But the fairies were all the time plotting how they could punish the farmer for taking away their dancing ground, and for cutting down the hawthorn bush where they held their revels when the moon was full. And one day when the cows were milking, a little old woman in a blue cloak came to Mrs. Johnstone and asked her for a porringer of milk.

“Go away,” said the mistress of the house, “you shall have no milk from me. I’ll have no tramps coming about my place.” And she told the farm servants to chase her away.

Some time after, the best and finest of the cows sickened and gave no milk, and lost her horns and teeth and finally died.

Then one day as Mrs. Johnstone was sitting spinning flax in the parlour, the same little woman in the blue cloak suddenly stood before her.

“Your maids are baking cakes in the kitchen,” she said; “give me some off the griddle to carry away with me.”

“Go out of this,” cried the farmer’s wife, angrily; “you are a wicked old wretch, and have poisoned my best cow.” And she bade the farm servants drive her off with sticks.

Now the Johnstones had one only child; a beautiful bright boy, as strong as a young colt, and as full of life and merriment.
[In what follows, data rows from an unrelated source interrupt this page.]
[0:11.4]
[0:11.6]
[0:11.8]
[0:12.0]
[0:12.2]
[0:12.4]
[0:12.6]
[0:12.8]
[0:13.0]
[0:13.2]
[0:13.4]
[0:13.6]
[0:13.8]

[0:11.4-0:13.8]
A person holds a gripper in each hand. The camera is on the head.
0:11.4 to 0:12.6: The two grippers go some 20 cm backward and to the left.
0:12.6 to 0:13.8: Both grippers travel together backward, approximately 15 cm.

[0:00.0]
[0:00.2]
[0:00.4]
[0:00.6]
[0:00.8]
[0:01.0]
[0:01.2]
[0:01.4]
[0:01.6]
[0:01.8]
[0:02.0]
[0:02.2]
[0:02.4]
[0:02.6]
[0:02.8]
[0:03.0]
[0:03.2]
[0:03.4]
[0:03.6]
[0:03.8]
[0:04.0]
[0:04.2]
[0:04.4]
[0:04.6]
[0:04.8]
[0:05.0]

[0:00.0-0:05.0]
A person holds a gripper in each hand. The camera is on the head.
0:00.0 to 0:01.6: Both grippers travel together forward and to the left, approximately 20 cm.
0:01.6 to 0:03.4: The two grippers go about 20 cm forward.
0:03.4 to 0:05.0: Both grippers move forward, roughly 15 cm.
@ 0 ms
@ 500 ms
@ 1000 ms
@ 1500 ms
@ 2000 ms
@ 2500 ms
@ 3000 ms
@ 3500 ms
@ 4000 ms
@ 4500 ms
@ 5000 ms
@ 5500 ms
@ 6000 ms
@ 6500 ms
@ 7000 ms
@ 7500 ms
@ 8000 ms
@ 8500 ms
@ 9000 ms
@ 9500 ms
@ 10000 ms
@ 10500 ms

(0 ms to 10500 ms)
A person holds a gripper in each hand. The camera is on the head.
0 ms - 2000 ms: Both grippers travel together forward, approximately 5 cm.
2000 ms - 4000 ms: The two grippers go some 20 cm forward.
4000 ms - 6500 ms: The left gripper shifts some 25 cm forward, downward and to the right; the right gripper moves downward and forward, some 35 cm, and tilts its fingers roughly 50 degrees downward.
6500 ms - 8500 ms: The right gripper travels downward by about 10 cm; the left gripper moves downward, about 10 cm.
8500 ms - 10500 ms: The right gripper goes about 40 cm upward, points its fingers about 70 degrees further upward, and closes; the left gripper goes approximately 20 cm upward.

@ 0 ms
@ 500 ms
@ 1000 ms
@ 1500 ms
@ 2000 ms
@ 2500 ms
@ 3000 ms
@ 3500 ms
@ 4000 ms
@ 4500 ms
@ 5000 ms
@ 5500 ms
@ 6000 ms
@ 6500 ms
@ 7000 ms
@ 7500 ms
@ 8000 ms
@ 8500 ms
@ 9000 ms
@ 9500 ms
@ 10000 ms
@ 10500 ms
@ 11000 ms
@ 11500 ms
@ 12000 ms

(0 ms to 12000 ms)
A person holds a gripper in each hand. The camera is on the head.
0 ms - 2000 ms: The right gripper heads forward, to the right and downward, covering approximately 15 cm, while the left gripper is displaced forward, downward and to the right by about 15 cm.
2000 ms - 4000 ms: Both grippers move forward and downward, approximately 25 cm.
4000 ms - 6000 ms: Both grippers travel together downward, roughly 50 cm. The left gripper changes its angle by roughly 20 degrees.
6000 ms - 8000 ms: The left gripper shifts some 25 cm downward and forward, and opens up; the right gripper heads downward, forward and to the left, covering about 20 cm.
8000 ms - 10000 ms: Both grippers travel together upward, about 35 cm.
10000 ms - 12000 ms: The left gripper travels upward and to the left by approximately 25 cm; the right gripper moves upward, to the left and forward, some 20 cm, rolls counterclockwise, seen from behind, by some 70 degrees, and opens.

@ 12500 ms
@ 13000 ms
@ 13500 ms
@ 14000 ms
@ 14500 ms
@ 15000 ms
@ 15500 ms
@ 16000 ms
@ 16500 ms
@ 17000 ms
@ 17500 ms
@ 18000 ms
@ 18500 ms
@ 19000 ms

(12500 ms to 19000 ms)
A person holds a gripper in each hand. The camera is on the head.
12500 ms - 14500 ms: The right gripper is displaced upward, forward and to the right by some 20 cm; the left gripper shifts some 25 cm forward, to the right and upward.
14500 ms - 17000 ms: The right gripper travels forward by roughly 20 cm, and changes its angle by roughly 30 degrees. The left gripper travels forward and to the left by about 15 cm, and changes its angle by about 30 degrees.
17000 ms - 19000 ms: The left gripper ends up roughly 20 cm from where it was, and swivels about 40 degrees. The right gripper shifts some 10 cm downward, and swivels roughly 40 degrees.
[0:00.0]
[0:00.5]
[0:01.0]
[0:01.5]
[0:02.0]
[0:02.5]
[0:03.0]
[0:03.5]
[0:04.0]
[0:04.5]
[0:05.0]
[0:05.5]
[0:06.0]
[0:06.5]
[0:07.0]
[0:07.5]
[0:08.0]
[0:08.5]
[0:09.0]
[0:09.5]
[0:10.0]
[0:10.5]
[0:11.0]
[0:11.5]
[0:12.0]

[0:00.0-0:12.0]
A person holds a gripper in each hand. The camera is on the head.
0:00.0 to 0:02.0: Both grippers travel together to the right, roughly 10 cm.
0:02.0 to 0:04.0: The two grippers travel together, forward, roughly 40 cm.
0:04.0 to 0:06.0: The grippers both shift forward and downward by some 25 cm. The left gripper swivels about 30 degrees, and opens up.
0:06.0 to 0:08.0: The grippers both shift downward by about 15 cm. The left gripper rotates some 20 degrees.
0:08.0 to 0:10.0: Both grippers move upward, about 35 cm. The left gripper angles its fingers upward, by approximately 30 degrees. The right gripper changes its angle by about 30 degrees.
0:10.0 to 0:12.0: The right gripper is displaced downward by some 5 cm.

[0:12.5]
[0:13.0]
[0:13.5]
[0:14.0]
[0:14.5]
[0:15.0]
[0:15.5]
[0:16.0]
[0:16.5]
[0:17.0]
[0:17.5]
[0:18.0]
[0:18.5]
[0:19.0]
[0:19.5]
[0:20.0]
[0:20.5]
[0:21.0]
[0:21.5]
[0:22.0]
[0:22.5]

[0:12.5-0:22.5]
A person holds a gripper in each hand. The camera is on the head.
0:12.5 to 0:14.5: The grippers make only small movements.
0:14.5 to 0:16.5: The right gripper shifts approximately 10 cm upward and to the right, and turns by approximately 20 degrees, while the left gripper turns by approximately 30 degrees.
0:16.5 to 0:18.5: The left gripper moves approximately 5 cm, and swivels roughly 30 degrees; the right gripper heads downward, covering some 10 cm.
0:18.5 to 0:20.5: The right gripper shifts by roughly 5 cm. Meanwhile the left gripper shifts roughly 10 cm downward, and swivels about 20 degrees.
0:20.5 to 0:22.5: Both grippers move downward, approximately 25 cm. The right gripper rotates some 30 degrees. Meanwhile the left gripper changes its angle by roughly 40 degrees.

But soon after this he began to grow queer and strange, and was disturbed in his sleep; for he said the fairies came round him at night and pinched and beat him, and some sat on his chest and he could neither breathe nor move. And they told him they would never leave him in peace unless he promised to give them a supper every night of a griddle cake and a porringer of milk. So to soothe the child the mother had these things laid every night on a table beside his bed, and in the morning they were gone.

But still the child pined away, and his eyes got a strange, wild look, as if he saw nothing near or around him, only something far, far a............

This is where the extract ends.